Unlike the big fossil fuel companies they work for, blue-collar workers don’t have the ear of their senator. They’re largely an afterthought in discussions about clean energy. “We’re not talking about how to transition these workers into a new economy,” says Andrew Curley, research czar at the Diné Policy Institute, a think tank in the Navajo Nation. Curley says he’d like to see a federal program to help train people for alternative energy projects. Think coal miners preparing for jobs building solar panels.

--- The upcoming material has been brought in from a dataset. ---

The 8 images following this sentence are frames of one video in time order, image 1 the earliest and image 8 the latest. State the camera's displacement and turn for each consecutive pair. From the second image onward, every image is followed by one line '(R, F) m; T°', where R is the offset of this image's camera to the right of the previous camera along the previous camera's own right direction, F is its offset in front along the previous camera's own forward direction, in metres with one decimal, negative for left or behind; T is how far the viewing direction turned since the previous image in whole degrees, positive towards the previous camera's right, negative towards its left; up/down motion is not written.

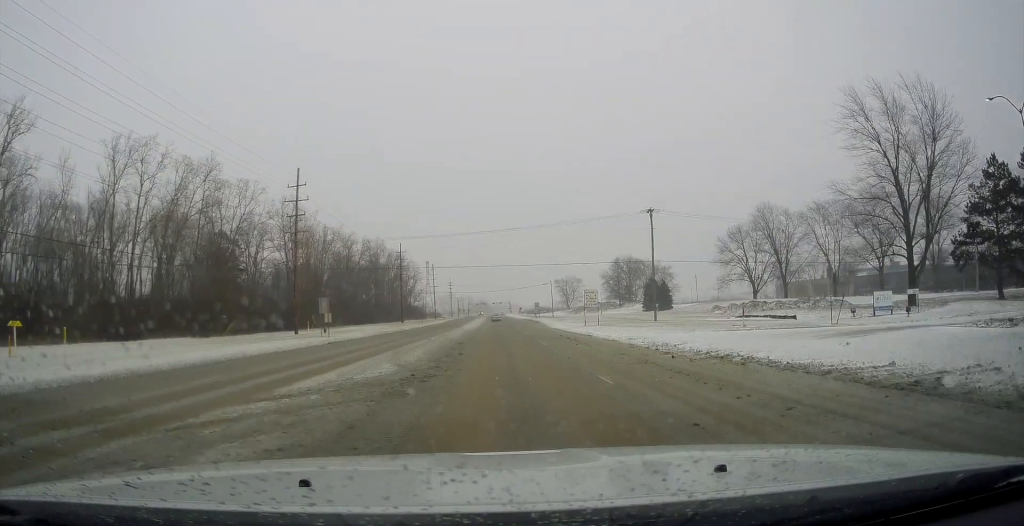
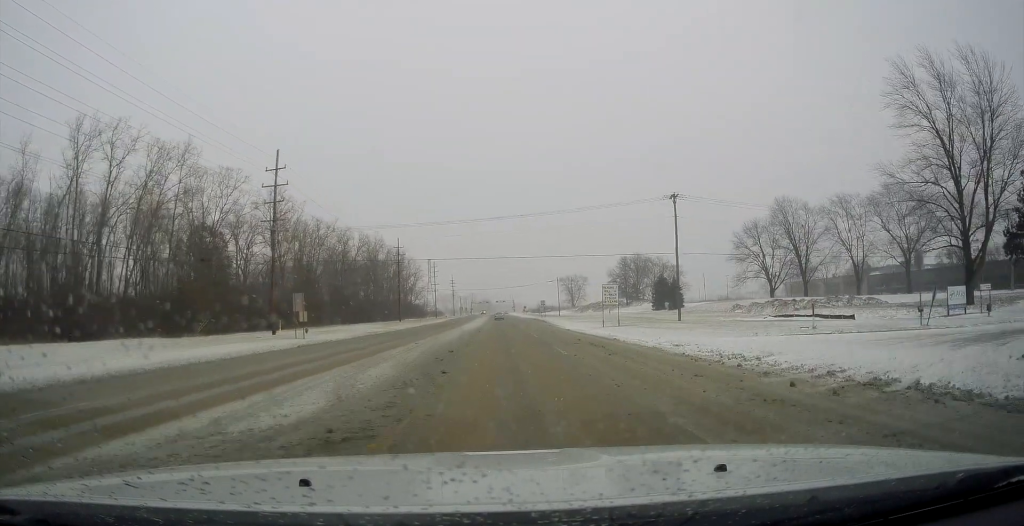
(0.0, +8.2) m; 0°
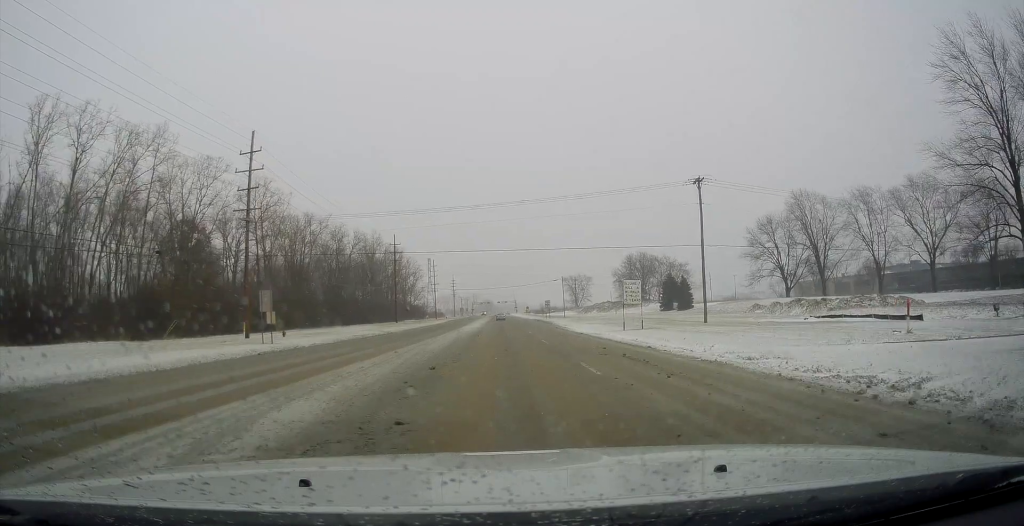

The plight of workers must be a central and clear policy concern for candidates who tout the benefits of alternative energy. Instead of alienating people who fear losing their ability to feed their family, let’s bring them on board and get them involved in a clean-energy push.
Think bigger than a carbon tax
You’re likely to hear a green-minded Democrat trot out the idea that we should tax carbon emissions. A carbon tax would be collected from refineries, power plants, and other big polluters, then funneled into low-income communities, as well as into research and development for alternative energy. Wonks (even conservative ones) love it because it would create a market incentive to curb emissions and help the communities hardest hit by pollution. Sounds good, right? But from a justice perspective, there’s a major flaw.
Although it’s true that a carbon tax would result in an overall reduction of emissions, it’s unlikely that neighborhoods known as toxic hot spots (those close to refineries and manufacturing plants) would share the benefit. We know that race too often predicts who lives with air pollution, so a carbon tax whose proceeds are allocated solely on the basis of income would give money away to people who might not even be harmed by air pollution.
So let’s think bigger. Let’s talk about taxing particulate matter, sulfur dioxide, and nitrogen dioxide emitted from industrial facilities that are more likely to hurt nearby residents of color. Yet taxes alone aren’t going to help people breathe easier. That’s why we need to move beyond market-based tinkering and focus on adopting and sticking to regulations that reduce and eliminate deadly emissions for communities that have been choking on air pollution for far too long.